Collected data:
--- START ---

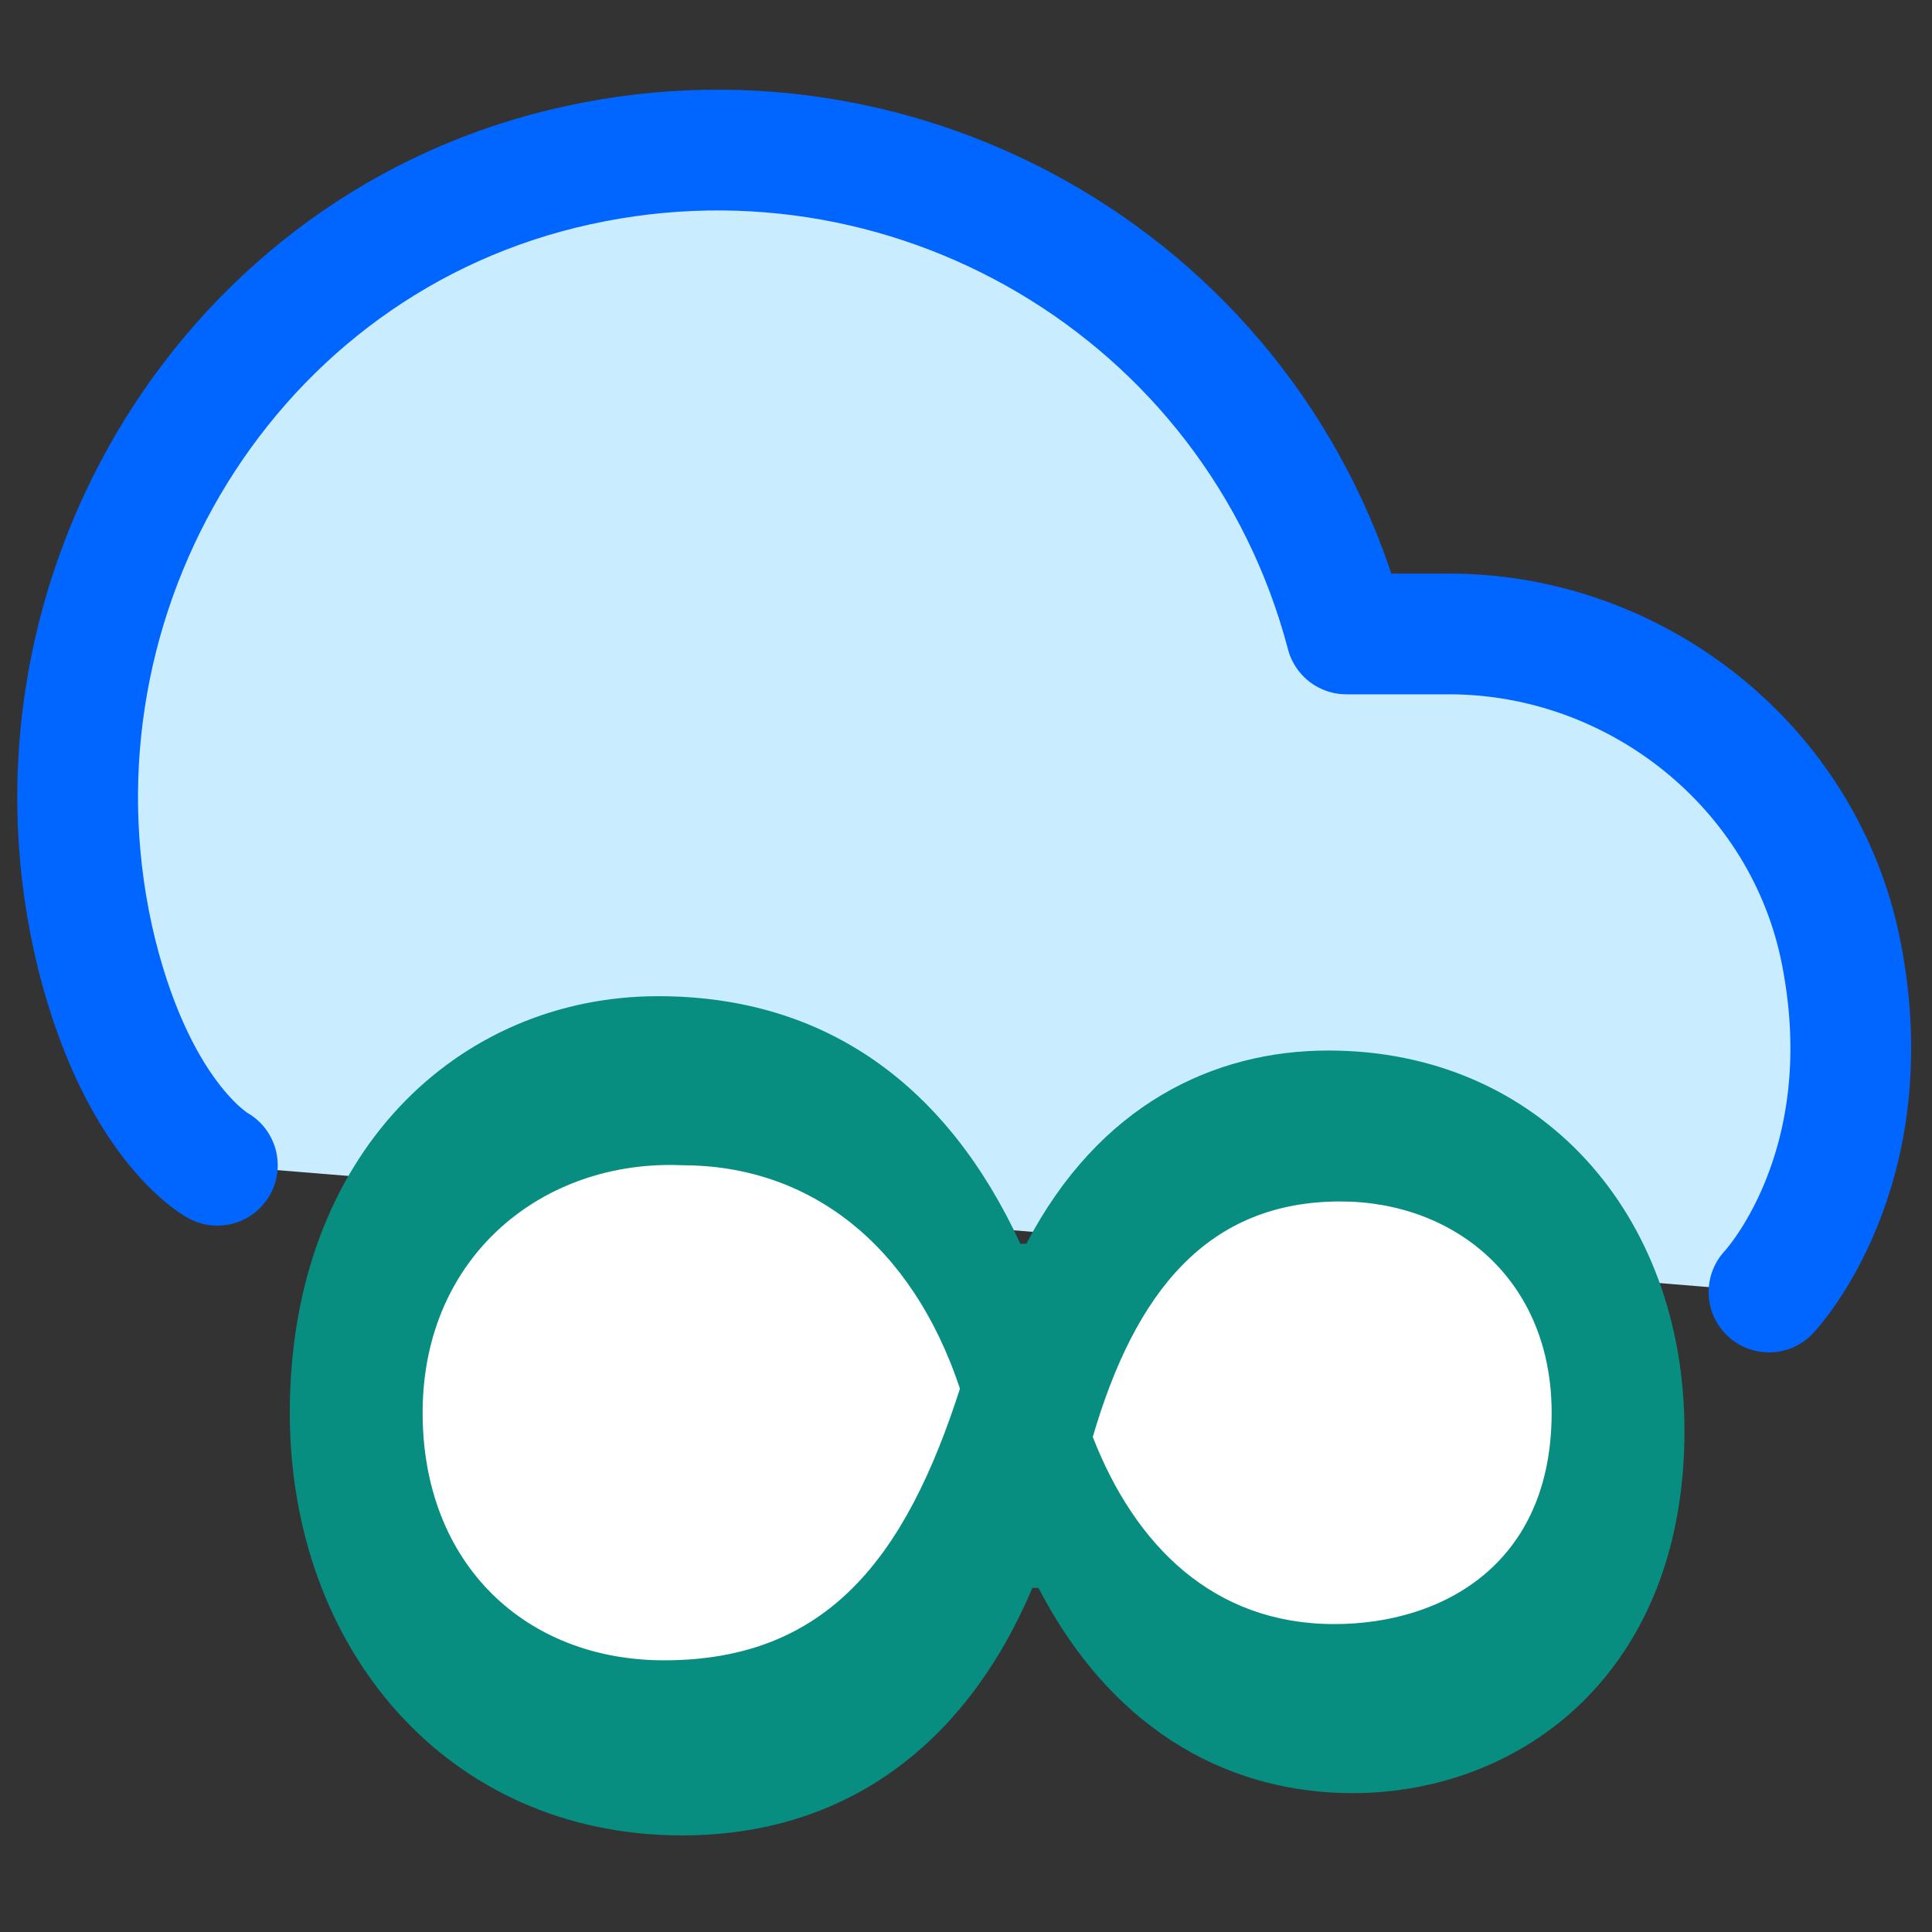 <?xml version="1.0" encoding="utf-8"?>
<!-- Generator: Adobe Illustrator 22.0.1, SVG Export Plug-In . SVG Version: 6.00 Build 0)  -->
<svg version="1.1" id="Layer_1" xmlns="http://www.w3.org/2000/svg" xmlns:xlink="http://www.w3.org/1999/xlink" x="0px" y="0px"
	 viewBox="0 0 32 32" style="enable-background:new 0 0 32 32;" xml:space="preserve">
<rect x="0" y="0" width="32" height="32" fill="#333333" stroke="none"/>
<style type="text/css">
	.st0{fill:#C9EDFF;stroke:#0066FF;stroke-width:2;stroke-linecap:round;stroke-linejoin:round;}
	.st1{fill:#FFFFFF;}
	.st2{fill:#078E81;}
</style>
<path class="st0" d="M29.3,21.4c0,0,1.9-2,1.2-5.6c-0.6-3.1-3.4-5.3-6.5-5.3h-1.7c-1.5-5.7-7.3-9.1-13-7.7s-9.1,7.3-7.7,13
	c0.7,2.8,2,3.5,2,3.5"/>
<circle class="st1" cx="11.5" cy="23.5" r="5"/>
<circle class="st1" cx="22" cy="23.5" r="5"/>
<g>
	<path class="st2" d="M10.9,16.5c2.8,0,4.8,1.5,6,4.1l0.1,0c1.2-2.3,3.1-3.2,5-3.2c3.5,0,5.9,2.7,5.9,6.3c0,4-2.7,6-5.5,6
		c-1.9,0-3.9-0.9-5.2-3.4h-0.1c-1.1,2.6-3.1,4.1-5.8,4.1c-3.9,0-6.5-3.1-6.5-7C4.8,19.1,7.6,16.5,10.9,16.5z M11,27.5
		c2.7,0,4-1.7,4.9-4.5c-0.8-2.4-2.5-3.7-4.6-3.7C9,19.2,7,20.8,7,23.4C7,25.9,8.7,27.5,11,27.5z M22.2,19.9c-2.2,0-3.4,1.5-4.1,3.9
		c0.7,1.8,2,3.1,4,3.1c1.8,0,3.6-1,3.6-3.5C25.7,21.2,24.1,19.9,22.2,19.9z"/>
</g>
</svg>

--- END ---

- _WHAT TO WORK ON_: Looking at the entries above, report how many of their lines include "width", and add nothing else.

- _TASK ANSWER_: 2